EXERCISE OBJECTIVE
A word-for-word copy of the records below is required.

START SOURCE DATA

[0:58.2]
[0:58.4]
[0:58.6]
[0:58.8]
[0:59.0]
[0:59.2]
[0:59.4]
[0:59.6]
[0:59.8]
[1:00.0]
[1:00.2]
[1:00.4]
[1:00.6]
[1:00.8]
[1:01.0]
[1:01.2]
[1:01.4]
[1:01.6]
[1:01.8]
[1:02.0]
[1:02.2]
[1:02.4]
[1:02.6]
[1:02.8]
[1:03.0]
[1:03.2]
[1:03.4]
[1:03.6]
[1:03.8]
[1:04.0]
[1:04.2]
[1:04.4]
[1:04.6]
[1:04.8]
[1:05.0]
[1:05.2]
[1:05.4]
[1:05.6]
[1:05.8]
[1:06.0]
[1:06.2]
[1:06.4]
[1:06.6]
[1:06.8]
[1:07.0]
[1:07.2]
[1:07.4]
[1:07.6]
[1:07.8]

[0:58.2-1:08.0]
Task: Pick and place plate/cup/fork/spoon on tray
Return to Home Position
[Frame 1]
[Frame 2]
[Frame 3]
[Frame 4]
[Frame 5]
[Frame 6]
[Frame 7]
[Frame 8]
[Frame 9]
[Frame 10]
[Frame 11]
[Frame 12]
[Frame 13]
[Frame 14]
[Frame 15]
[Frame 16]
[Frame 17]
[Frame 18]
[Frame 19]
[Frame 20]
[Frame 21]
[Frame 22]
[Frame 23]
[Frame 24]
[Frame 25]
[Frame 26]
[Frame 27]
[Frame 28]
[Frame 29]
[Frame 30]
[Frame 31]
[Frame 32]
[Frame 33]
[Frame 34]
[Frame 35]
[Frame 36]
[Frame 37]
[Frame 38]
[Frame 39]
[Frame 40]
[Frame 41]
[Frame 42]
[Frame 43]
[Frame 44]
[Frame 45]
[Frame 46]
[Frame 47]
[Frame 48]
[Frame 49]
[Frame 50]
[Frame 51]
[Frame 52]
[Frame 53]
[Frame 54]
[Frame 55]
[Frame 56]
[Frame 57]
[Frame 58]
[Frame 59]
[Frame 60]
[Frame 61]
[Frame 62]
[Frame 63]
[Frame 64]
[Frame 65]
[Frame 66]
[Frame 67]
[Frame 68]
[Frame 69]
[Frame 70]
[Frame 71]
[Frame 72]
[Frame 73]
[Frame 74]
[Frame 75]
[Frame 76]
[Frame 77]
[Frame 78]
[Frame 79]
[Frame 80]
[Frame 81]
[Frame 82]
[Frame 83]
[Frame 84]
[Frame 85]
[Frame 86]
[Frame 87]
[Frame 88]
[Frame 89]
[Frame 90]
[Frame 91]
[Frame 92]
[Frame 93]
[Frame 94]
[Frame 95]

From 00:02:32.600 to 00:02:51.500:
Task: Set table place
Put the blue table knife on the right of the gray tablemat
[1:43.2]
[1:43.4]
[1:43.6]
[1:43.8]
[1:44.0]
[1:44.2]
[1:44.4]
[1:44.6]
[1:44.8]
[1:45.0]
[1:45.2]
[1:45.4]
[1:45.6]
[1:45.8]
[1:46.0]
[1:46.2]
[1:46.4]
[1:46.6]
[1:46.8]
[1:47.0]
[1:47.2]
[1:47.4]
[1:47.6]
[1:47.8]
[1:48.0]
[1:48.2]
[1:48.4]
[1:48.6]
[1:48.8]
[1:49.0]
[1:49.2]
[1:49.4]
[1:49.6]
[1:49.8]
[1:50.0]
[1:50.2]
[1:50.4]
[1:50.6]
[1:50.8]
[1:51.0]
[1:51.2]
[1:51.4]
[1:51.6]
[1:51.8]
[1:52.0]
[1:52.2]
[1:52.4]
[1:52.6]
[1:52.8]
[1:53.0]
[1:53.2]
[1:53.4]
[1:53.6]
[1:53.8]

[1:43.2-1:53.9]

END SOURCE DATA

TASK RESULT
[0:58.2]
[0:58.4]
[0:58.6]
[0:58.8]
[0:59.0]
[0:59.2]
[0:59.4]
[0:59.6]
[0:59.8]
[1:00.0]
[1:00.2]
[1:00.4]
[1:00.6]
[1:00.8]
[1:01.0]
[1:01.2]
[1:01.4]
[1:01.6]
[1:01.8]
[1:02.0]
[1:02.2]
[1:02.4]
[1:02.6]
[1:02.8]
[1:03.0]
[1:03.2]
[1:03.4]
[1:03.6]
[1:03.8]
[1:04.0]
[1:04.2]
[1:04.4]
[1:04.6]
[1:04.8]
[1:05.0]
[1:05.2]
[1:05.4]
[1:05.6]
[1:05.8]
[1:06.0]
[1:06.2]
[1:06.4]
[1:06.6]
[1:06.8]
[1:07.0]
[1:07.2]
[1:07.4]
[1:07.6]
[1:07.8]

[0:58.2-1:08.0]
Task: Pick and place plate/cup/fork/spoon on tray
Return to Home Position
[Frame 1]
[Frame 2]
[Frame 3]
[Frame 4]
[Frame 5]
[Frame 6]
[Frame 7]
[Frame 8]
[Frame 9]
[Frame 10]
[Frame 11]
[Frame 12]
[Frame 13]
[Frame 14]
[Frame 15]
[Frame 16]
[Frame 17]
[Frame 18]
[Frame 19]
[Frame 20]
[Frame 21]
[Frame 22]
[Frame 23]
[Frame 24]
[Frame 25]
[Frame 26]
[Frame 27]
[Frame 28]
[Frame 29]
[Frame 30]
[Frame 31]
[Frame 32]
[Frame 33]
[Frame 34]
[Frame 35]
[Frame 36]
[Frame 37]
[Frame 38]
[Frame 39]
[Frame 40]
[Frame 41]
[Frame 42]
[Frame 43]
[Frame 44]
[Frame 45]
[Frame 46]
[Frame 47]
[Frame 48]
[Frame 49]
[Frame 50]
[Frame 51]
[Frame 52]
[Frame 53]
[Frame 54]
[Frame 55]
[Frame 56]
[Frame 57]
[Frame 58]
[Frame 59]
[Frame 60]
[Frame 61]
[Frame 62]
[Frame 63]
[Frame 64]
[Frame 65]
[Frame 66]
[Frame 67]
[Frame 68]
[Frame 69]
[Frame 70]
[Frame 71]
[Frame 72]
[Frame 73]
[Frame 74]
[Frame 75]
[Frame 76]
[Frame 77]
[Frame 78]
[Frame 79]
[Frame 80]
[Frame 81]
[Frame 82]
[Frame 83]
[Frame 84]
[Frame 85]
[Frame 86]
[Frame 87]
[Frame 88]
[Frame 89]
[Frame 90]
[Frame 91]
[Frame 92]
[Frame 93]
[Frame 94]
[Frame 95]

From 00:02:32.600 to 00:02:51.500:
Task: Set table place
Put the blue table knife on the right of the gray tablemat
[1:43.2]
[1:43.4]
[1:43.6]
[1:43.8]
[1:44.0]
[1:44.2]
[1:44.4]
[1:44.6]
[1:44.8]
[1:45.0]
[1:45.2]
[1:45.4]
[1:45.6]
[1:45.8]
[1:46.0]
[1:46.2]
[1:46.4]
[1:46.6]
[1:46.8]
[1:47.0]
[1:47.2]
[1:47.4]
[1:47.6]
[1:47.8]
[1:48.0]
[1:48.2]
[1:48.4]
[1:48.6]
[1:48.8]
[1:49.0]
[1:49.2]
[1:49.4]
[1:49.6]
[1:49.8]
[1:50.0]
[1:50.2]
[1:50.4]
[1:50.6]
[1:50.8]
[1:51.0]
[1:51.2]
[1:51.4]
[1:51.6]
[1:51.8]
[1:52.0]
[1:52.2]
[1:52.4]
[1:52.6]
[1:52.8]
[1:53.0]
[1:53.2]
[1:53.4]
[1:53.6]
[1:53.8]

[1:43.2-1:53.9]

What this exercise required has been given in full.